I've came across this proof (anwer of Neil Strickland to a MathOverflow question) of the fact that $\mathbb{R}P^{n-1}$ cannot be embedded in $\mathbb{R}^n$ for $n > 2$. There are a few details that I don't understand and would really appreciate if someone further elucidated them to me.
I understand that if an embedding $\mathbb{R}P^{n-1} \subseteq S^n$ existed, then $S^n \setminus \mathbb{R}P^{n-1}$ would have two connected components.
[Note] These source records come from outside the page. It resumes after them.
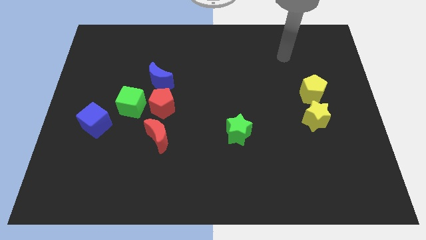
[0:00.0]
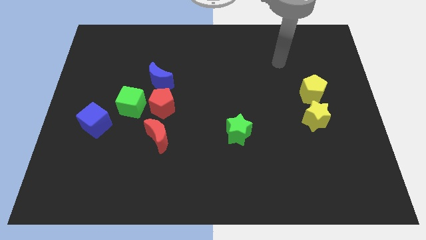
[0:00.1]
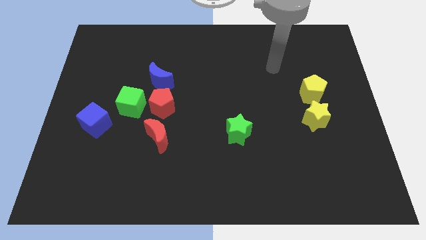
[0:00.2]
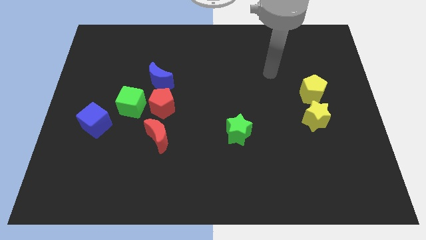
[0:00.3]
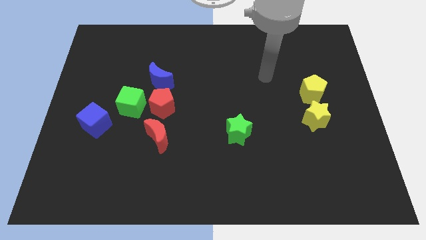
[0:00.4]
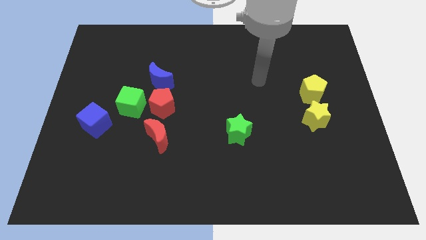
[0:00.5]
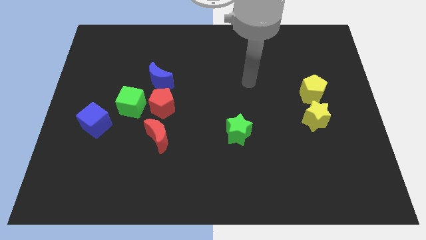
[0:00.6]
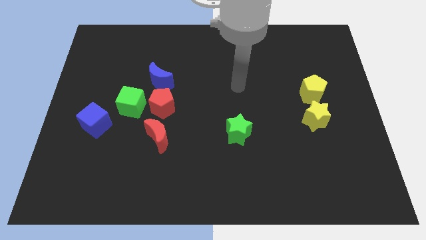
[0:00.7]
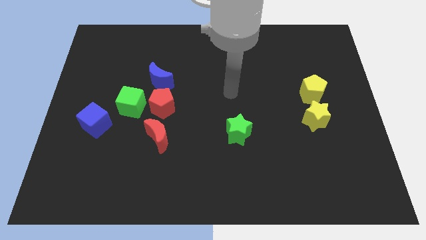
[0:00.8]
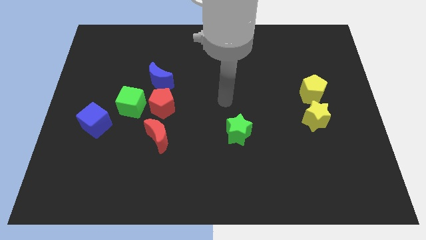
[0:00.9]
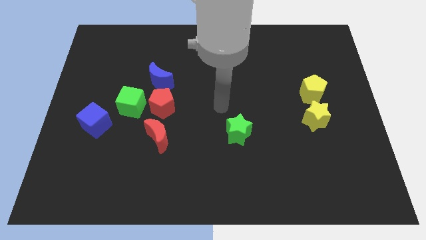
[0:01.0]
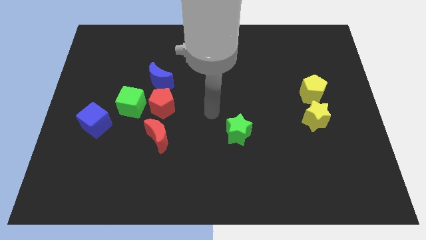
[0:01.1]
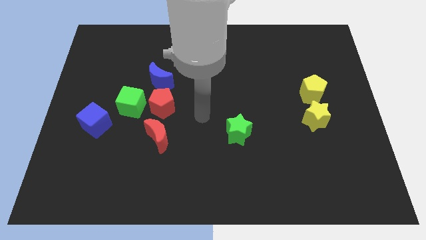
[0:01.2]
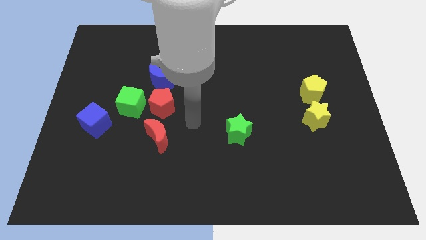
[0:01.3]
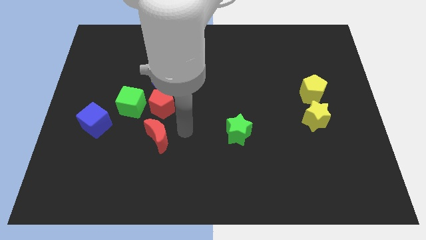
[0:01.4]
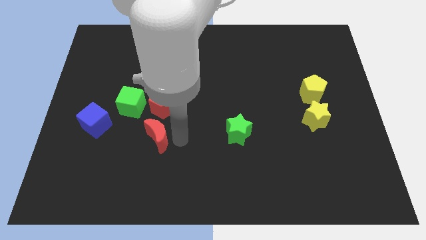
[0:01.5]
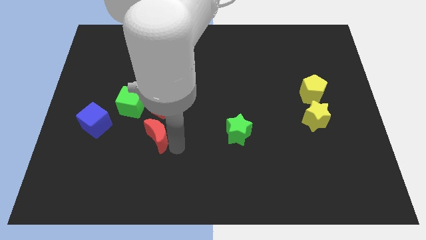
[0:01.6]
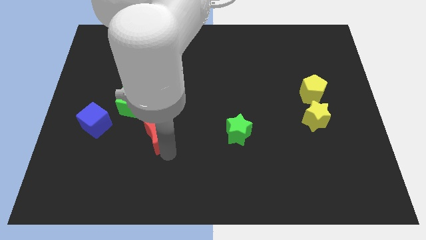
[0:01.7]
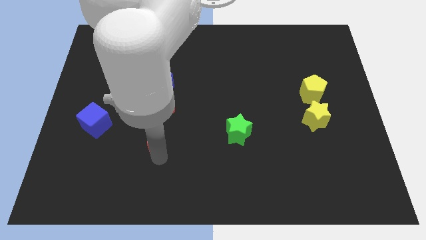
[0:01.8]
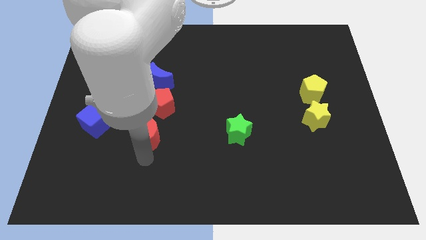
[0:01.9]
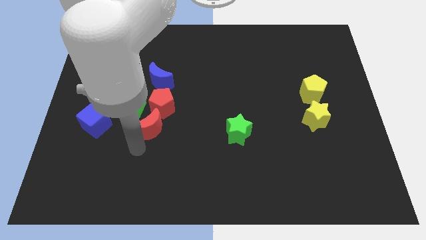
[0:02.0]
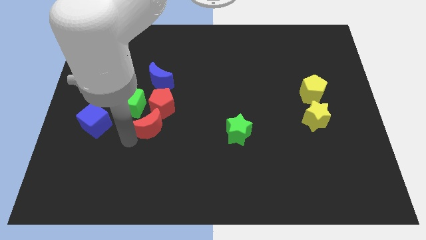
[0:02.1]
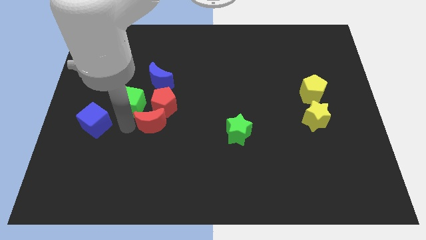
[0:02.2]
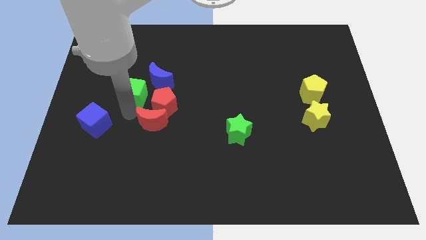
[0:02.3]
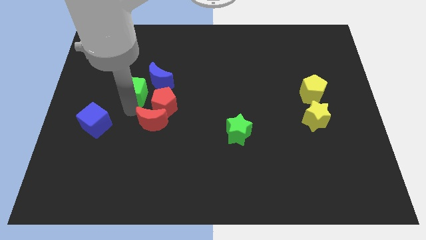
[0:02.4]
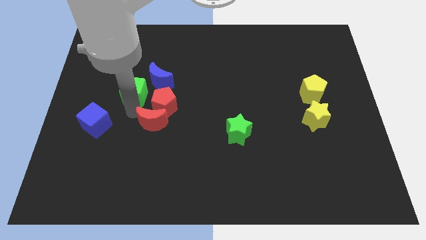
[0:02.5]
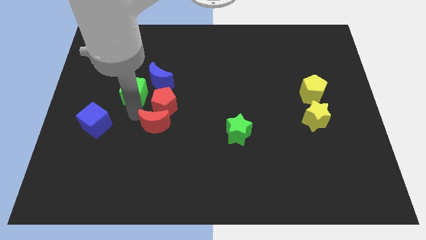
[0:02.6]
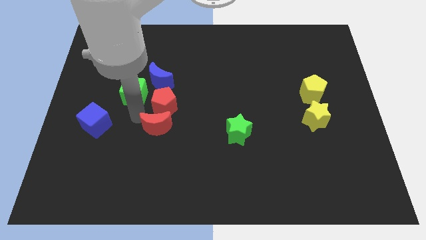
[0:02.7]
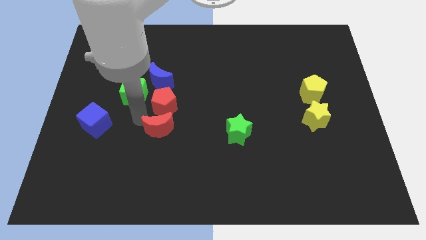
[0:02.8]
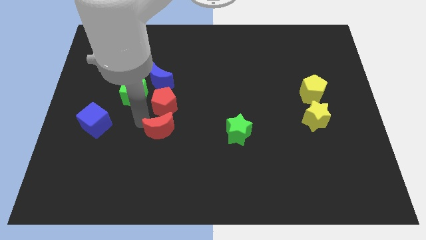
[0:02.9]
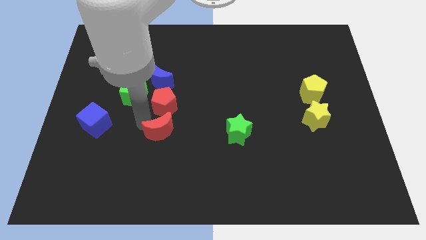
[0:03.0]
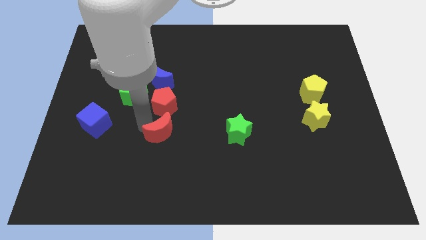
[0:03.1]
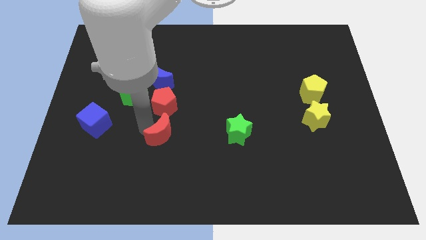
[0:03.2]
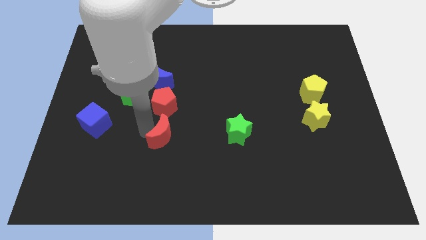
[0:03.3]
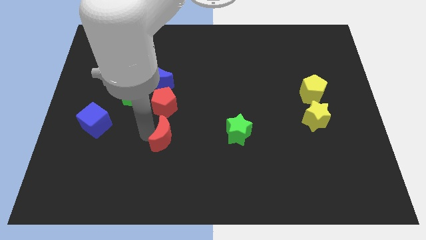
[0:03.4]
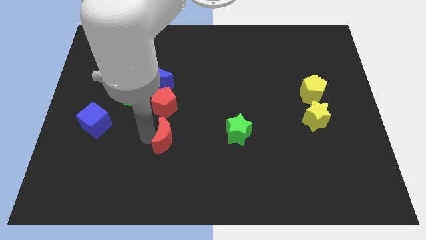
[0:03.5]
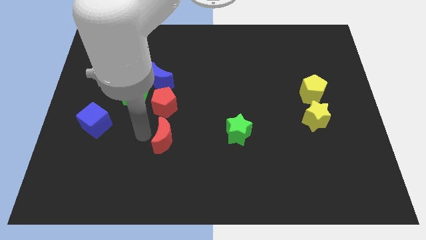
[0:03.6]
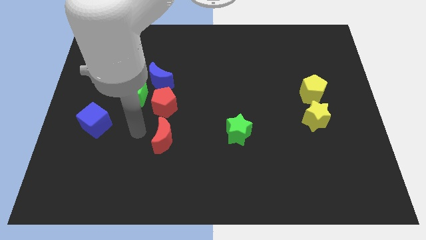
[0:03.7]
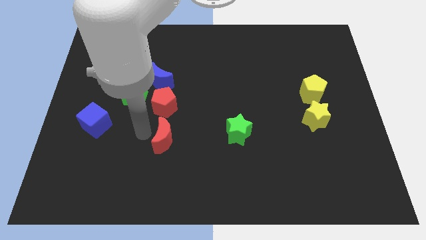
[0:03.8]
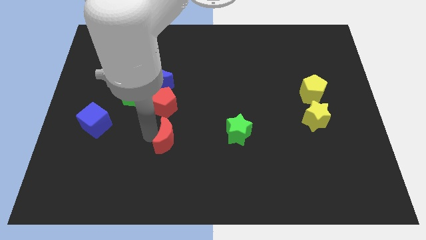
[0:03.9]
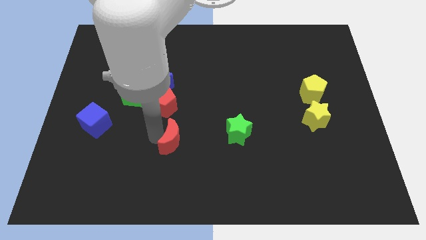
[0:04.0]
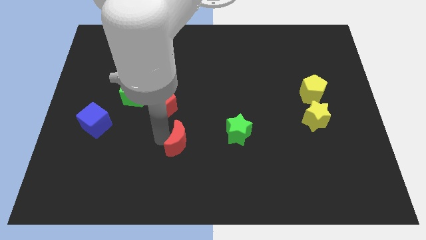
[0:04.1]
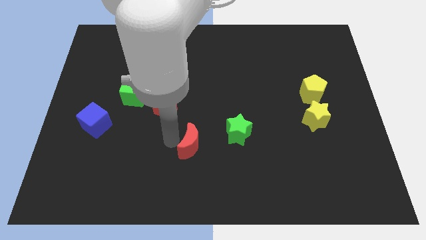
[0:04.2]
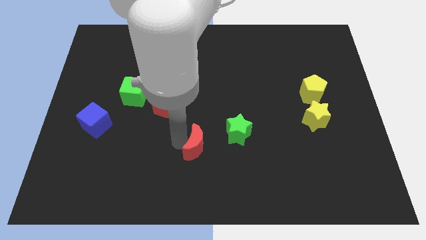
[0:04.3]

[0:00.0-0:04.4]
put the red moon to the bottom left of the green star

I don't know why their closures, $A$ and $B$, have the claimed properties $A\cap B = \mathbb{R}P^{n-1}$, $A \cup B = S^n$. Furthermore, the version of the Mayer-Vietoris theorem I am aware of requires the union of interiors of $A$ and $B$ to cover $S^n$.
Why does the isomorphism $H^n(A) \times H^n(B) \cong H^n(S^n\setminus \mathbb{R}P^{n-1})$ hold? This is clear to me if $A$ and $B$ are replaced by the respective connected compontents.
One of the comments to Neil Strickland's answer brings attention to the fact that his proof is very similar to the one of Thom (Theorem V.15 in "Espaces fibrés en sphères et carrés de Steenrod" numdam.org/item?id=ASENS_1952_3_69__109_0). I tried looking at that paper but I didn't achieve much, as I don't speak French. Google Translate seems to imply, however, that it is assumed that $\mathbb{R}P^{n-1}$ is embedded nicely enough, so that the closures of the connected components indeed have the properties claimed in 1. Is this in fact the case?